Les consommateurs d'aujourd'hui veulent de plus en plus que leurs produits soient sans viande, sans sucre, ou encore sans additifs. «De nos jours, 'sans' est un meilleur argument de vente que 'avec', explique Karin Frick, chercheuse en tendances à l'Institut Gottlieb Duttweiler. Les consommateurs recherchent l'authenticité, et sont de plus en plus conscients de leurs problèmes de santé. Le Covid a renforcé ce phénomène davantage encore.»
L'industrie du chocolat doit changer
La Gen Z contribue également à ce changement, selon Karin Frick: «Les moins de 30 ans sont la première génération à avoir grandi avec des parents conscients de l'importance d'une bonne alimentation. Les jeunes consommateurs veillent donc sans compromis à consommer des aliments aussi naturels et sains que possible.»
Cette évolution met l'industrie du chocolat dans l'embarras: cet aliment n'est pas vraiment considéré comme faisant partie intégrante d'un mode de vie sain, pour ce qui est du chocolat au lait du moins. Le secteur doit donc, à présent, faire preuve de créativité.
Le transformateur laitier finlandais Valio vient d'analyser 1,5 million de discussions publiques sur les réseaux sociaux à propos du chocolat au lait, ceci à l'aide de l'intelligence artificielle.
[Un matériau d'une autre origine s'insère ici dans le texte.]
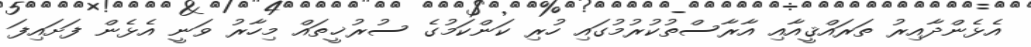
އެޅެންދާއިރު ތަރައްޤީއާއި އާރާސްތުކުރުމުގައި ހުރި ކަންކަމުގެ ސުރުޚީތައް މިހާރު ވަނީ އެޅެން ފަށައިފަ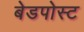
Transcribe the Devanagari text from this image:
बेडपोस्ट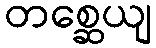
တစ္ဆေယျ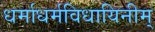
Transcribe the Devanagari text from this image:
धर्माधर्मविधायिनीम्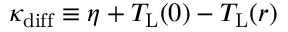
\kappa _ { \mathrm { d i f f } } \equiv \eta + T _ { \mathrm { L } } ( 0 ) - T _ { \mathrm { L } } ( r )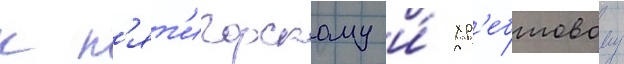
к п'ят'игорскому и́ хр'ебтовому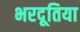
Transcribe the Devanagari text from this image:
भरदूतिया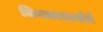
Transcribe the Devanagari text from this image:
निम्बकाचार्यांचे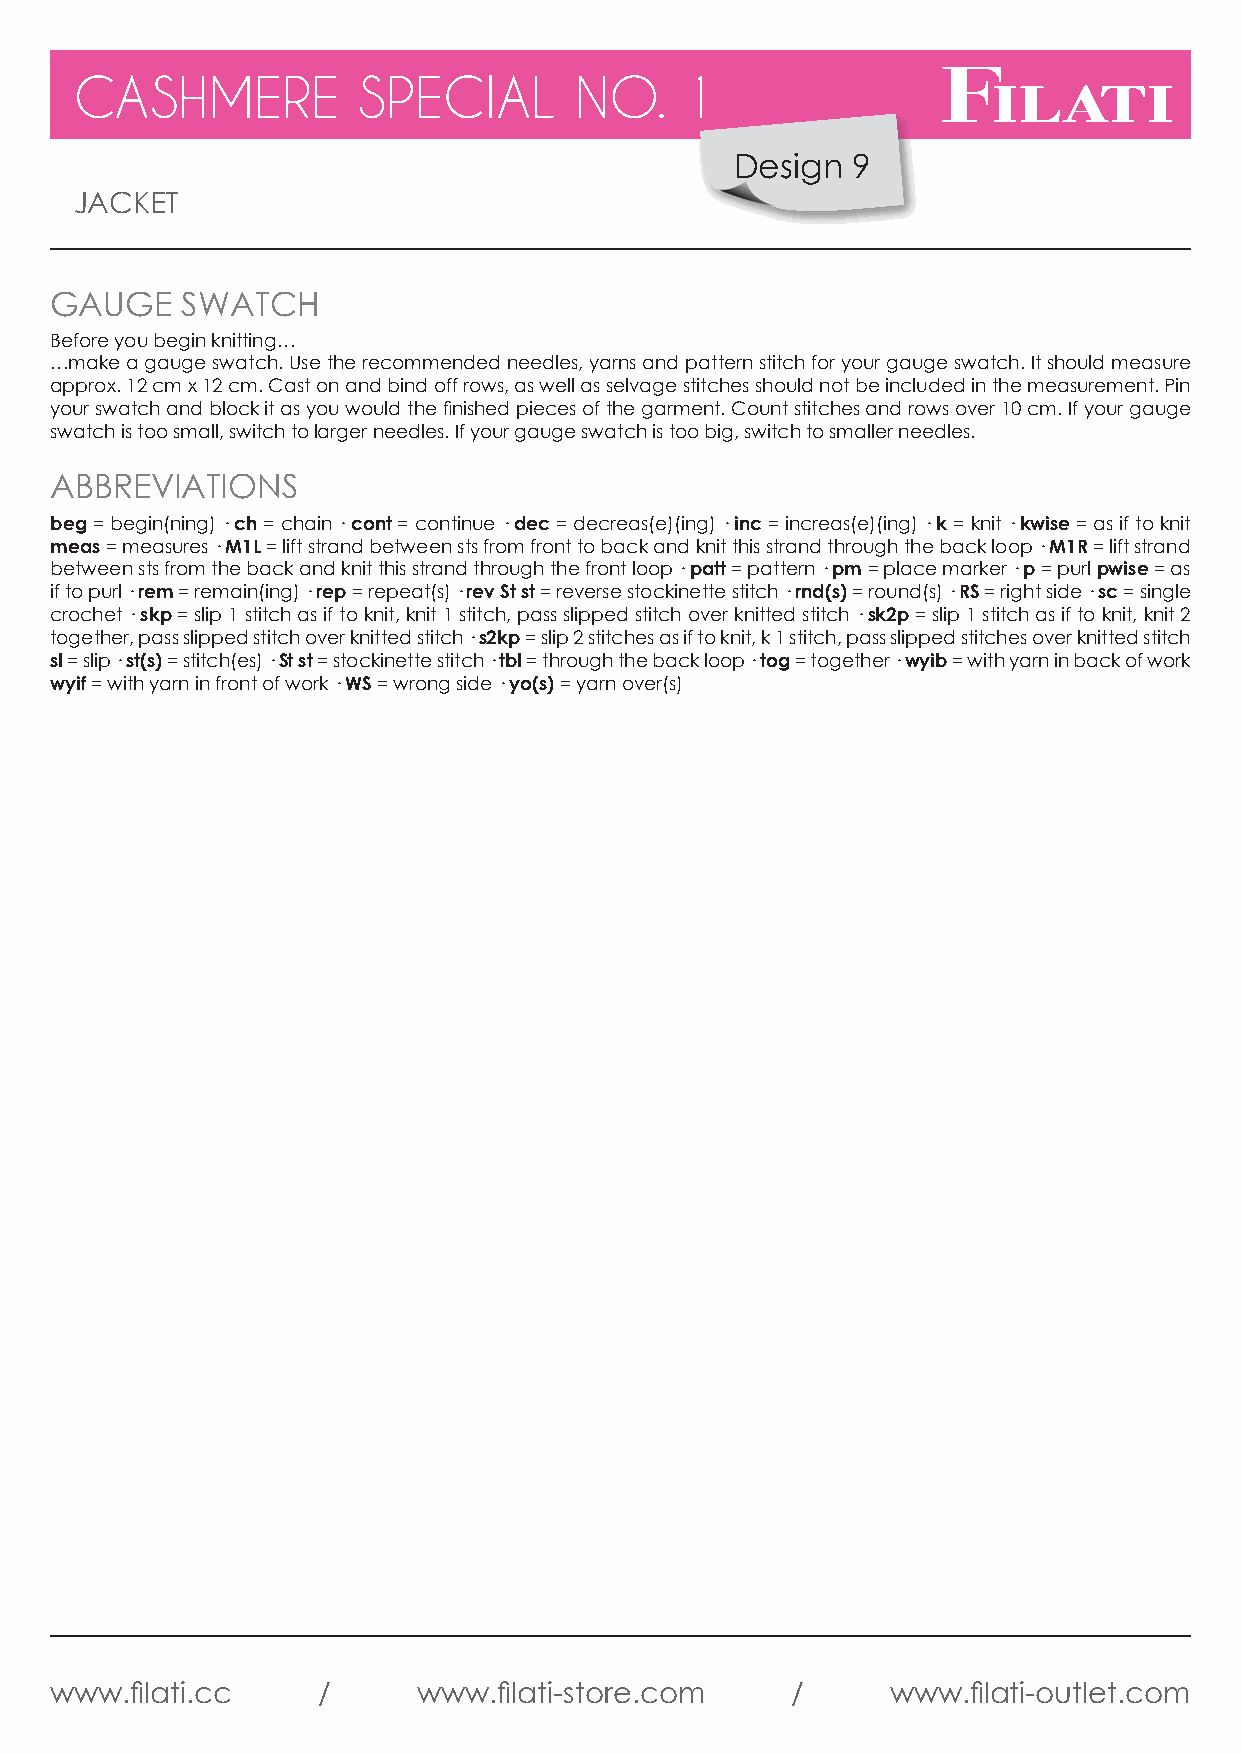
CCAASSHHMMEERREE   SSPPEECCIIAALL NNOO.. 11
 DDeessiiggnn 19
 JJAACCKKEETT
 GAUGE    SWATCH
 Before you begin knitting…
 …make a gauge swatch. Use the recommended needles, yarns and pattern stitch for your gauge swatch. It should measure
 approx. 12 cm x 12 cm. Cast on and bind off rows, as well as selvage stitches should not be included in the measurement. Pin
 your swatch and block it as you would the finished pieces of the garment. Count stitches and rows over 10 cm. If your gauge
 swatch is too small, switch to larger needles. If your gauge swatch is too big, switch to smaller needles.
 ABBREVIATIONS
 beg = begin(ning) · ch = chain · cont = continue · dec = decreas(e)(ing) · inc = increas(e)(ing) · k = knit · kwise = as if to knit
 meas = measures · M1L = lift strand between sts from front to back and knit this strand through the back loop · M1R = lift strand
 between sts from the back and knit this strand through the front loop · patt = pattern · pm = place marker · p = purl pwise = as
 if to purl · rem = remain(ing) · rep = repeat(s) · rev St st = reverse stockinette stitch · rnd(s) = round(s) · RS = right side · sc = single
 crochet · skp = slip 1 stitch as if to knit, knit 1 stitch, pass slipped stitch over knitted stitch · sk2p = slip 1 stitch as if to knit, knit 2
 together, pass slipped stitch over knitted stitch · s2kp = slip 2 stitches as if to knit, k 1 stitch, pass slipped stitches over knitted stitch
 sl = slip · st(s) = stitch(es) · St st = stockinette stitch · tbl = through the back loop · tog = together · wyib = with yarn in back of work
 wyif = with yarn in front of work · WS = wrong side · yo(s) = yarn over(s)
 www.filati.cc     /      www.filati-store.com    /      www.filati-outlet.com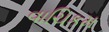
વાચિકમ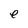
Character: e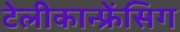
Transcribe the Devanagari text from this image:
टेलीकान्फ्रेंसिग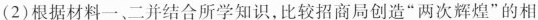
(2)根据材料一、二并结合所学知识，比较招商局创造”两次辉煌”的相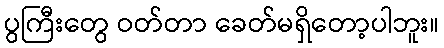
ပွကြီးတွေ ဝတ်တာ ခေတ်မရှိတော့ပါဘူး။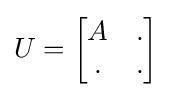
U={\begin{bmatrix}A&.\\.&.\end{bmatrix}}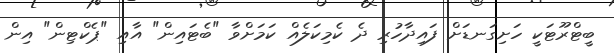
ބީޓްރޫޓަކީ ހަށިގަނޑަށް ފައިދާހުރި ދެ ކެމިކަލެއް ކަމަށްވާ "ބެޓައިން" އާއި "ޕެކްޓިން" އިން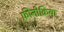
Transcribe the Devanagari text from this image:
फ़ीनीक्रिया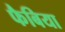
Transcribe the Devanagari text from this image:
फैबिया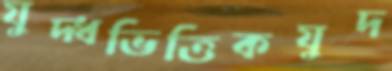
যুদ্ধভিত্তিকযুদ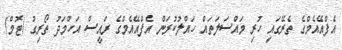
އެފްއޭއެމްގެ ތެރޭގައި ހުރި މައްސަލަތައް ހައްލުކުރަން އެފްއޭއެމްގެ ރައީސް އަހްމަދު ތޯރިގު (ޓޮމް)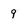
Character: 9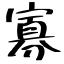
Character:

Résultat: le chocolat ultime d'aujourd'hui, au goût du jour, devrait contenir 30% de sucre en moins, et être sans lactose. En septembre déjà, Nestlé a (re)lancé la course au chocolat végétalien en lançant dans toute l'Europe un kitkat à base de riz.
Un chocolat à deux ingrédients
Cette semaine, la lutte pour le chocolat de demain est passée à la vitesse supérieure. Le géant du chocolat Barry Callebaut, dont le siège est à Zurich, a présenté son nouveau produit: un chocolat composé de deux ingrédients seulement. La variante noire contient du cacao et du sucre, tandis que le chocolat au lait est mélangé à du lait en poudre. Le chocolat se passe donc d'émulsifiants tels que la lécithine et d'arômes. Par rapport au chocolat traditionnel, il contient deux fois moins de sucre.
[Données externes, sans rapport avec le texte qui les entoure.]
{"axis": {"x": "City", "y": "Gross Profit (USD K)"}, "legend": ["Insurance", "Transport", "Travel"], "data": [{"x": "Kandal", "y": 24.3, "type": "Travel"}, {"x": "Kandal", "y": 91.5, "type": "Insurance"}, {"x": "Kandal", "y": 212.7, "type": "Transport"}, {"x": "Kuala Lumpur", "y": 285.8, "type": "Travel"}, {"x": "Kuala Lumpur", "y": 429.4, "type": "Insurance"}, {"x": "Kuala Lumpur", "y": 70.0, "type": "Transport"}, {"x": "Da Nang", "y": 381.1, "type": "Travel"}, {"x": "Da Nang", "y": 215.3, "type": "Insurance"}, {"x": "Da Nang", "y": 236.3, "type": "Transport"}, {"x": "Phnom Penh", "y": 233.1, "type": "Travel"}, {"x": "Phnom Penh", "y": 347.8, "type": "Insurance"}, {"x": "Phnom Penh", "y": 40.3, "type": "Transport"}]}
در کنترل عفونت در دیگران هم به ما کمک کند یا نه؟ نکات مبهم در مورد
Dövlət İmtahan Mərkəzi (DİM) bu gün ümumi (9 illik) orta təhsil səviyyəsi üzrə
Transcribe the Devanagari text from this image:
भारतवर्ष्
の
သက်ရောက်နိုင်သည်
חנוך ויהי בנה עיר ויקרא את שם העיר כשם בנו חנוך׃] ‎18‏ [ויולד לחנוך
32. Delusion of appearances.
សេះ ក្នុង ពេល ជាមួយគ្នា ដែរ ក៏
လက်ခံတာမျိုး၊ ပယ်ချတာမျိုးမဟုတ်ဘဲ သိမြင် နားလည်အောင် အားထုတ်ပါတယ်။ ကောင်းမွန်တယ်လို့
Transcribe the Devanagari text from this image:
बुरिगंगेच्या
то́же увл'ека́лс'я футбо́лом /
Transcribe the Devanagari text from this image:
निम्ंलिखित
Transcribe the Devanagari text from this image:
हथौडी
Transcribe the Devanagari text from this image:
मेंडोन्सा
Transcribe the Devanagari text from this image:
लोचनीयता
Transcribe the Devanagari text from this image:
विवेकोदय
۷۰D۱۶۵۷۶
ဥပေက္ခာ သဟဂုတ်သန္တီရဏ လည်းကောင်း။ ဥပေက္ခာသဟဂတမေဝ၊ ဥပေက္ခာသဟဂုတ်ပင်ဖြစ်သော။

«Notre processus de fabrication met pour la première fois en valeur les nuances particulières du goût de chaque fève de cacao, ce qui nous évite d'avoir recours à des ingrédients supplémentaires», explique Peter Boone, CEO de Barry Callebaut, au SonntagsBlick. On ne trouve pas Barry Callebaut dans les supermarchés, mais l'entreprise est présente dans un produit industriel à base de chocolat sur quatre dans le monde. Elle fournit des groupes comme Nestlé ou Mondelēz. Sa pâte de chocolat enrobe par exemple les glaces Magnum.
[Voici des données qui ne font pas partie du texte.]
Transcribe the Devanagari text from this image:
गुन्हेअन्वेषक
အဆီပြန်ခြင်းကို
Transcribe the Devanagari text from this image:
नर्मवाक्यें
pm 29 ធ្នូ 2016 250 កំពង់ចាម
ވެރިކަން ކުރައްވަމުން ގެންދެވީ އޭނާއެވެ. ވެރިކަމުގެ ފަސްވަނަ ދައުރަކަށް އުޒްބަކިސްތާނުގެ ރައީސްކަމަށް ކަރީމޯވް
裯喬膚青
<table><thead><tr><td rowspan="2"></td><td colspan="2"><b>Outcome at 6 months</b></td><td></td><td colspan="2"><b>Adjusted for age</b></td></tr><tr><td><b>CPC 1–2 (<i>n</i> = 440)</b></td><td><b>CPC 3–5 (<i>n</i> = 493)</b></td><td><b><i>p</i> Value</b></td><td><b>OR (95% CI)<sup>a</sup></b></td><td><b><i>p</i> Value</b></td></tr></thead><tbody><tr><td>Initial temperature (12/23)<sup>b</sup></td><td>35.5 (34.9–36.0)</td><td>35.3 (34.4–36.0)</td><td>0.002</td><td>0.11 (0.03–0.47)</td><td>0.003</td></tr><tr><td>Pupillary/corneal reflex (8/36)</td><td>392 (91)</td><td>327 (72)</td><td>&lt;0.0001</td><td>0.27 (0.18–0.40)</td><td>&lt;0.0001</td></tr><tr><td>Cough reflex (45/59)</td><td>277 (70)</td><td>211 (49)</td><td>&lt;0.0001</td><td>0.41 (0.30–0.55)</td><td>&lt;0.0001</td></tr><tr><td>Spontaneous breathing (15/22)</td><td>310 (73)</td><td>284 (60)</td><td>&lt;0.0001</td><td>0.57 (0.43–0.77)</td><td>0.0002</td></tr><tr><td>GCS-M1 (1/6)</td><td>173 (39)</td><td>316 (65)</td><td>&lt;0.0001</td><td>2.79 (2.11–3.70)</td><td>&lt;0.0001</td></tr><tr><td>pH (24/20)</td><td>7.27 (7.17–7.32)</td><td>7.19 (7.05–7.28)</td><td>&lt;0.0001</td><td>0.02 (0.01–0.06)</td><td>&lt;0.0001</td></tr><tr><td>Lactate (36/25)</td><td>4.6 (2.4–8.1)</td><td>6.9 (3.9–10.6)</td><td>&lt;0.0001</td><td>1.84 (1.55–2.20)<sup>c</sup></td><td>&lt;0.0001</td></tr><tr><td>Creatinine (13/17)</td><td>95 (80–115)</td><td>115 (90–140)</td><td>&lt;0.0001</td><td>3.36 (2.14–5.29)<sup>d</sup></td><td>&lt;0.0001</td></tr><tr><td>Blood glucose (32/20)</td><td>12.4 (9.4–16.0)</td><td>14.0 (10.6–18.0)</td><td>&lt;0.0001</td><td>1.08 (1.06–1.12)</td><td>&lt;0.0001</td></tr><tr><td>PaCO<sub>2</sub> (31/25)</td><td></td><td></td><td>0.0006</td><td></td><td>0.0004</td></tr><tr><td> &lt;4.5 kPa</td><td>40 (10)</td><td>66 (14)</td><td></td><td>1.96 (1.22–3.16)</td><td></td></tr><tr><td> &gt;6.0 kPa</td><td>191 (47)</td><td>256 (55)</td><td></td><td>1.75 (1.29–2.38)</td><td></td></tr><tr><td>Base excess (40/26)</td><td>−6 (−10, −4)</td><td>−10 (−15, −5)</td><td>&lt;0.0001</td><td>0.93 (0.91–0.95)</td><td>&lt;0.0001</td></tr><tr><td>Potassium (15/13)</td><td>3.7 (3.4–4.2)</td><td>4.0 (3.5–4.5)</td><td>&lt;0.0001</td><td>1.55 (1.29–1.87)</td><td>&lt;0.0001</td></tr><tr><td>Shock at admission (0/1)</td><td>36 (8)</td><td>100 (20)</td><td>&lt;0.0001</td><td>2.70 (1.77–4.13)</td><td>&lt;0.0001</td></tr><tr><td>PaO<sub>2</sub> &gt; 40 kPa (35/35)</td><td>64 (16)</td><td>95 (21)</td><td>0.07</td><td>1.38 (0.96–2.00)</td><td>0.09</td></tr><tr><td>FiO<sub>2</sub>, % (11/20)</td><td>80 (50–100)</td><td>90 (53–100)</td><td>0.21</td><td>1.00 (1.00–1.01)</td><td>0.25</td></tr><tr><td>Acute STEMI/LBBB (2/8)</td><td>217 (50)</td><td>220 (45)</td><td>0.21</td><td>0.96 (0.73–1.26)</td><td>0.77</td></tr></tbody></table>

Les clients pas encore convaincus
Si l'entreprise lance un «chocolat deuxième génération», cela peut secouer le marché. «Nous voulons accélérer les efforts de la branche pour répondre au souhait des consommateurs d'un plaisir plus conscient», déclare le CEO Peter Boone. Mais pour cela, il doit encore convaincre ses clients de passer au chocolat à deux ingrédients et de modifier leurs recettes, leurs emballages et leurs étiquettes.
Il devrait donc encore s'écouler au moins un an avant que ce chocolat ne soit disponible dans les rayons. A terme, le secteur devra s'adapter d'une manière ou d'une autre. Selon l'institut de recherche britannique Foresight Factory, le chocolat qui mise sur le plaisir conscient a connu une croissance de 6% entre 2016 et 2021, soit nettement plus que le marché global. Les gouvernements du monde entier réglementent déjà la consommation de sucre. Pour ce qui est de la Suisse, dans certains cantons romands, on discute actuellement d'une taxe sur le sucre.
«En outre, les jeunes consommateurs regardent aujourd'hui de près les entreprises, que ce soit en termes de contenu ou de fabrication durable des produits», explique la chercheuse Karin Frick. «Si quelque chose ne va pas, ils se servent des réseaux sociaux pour le dire haut et fort.»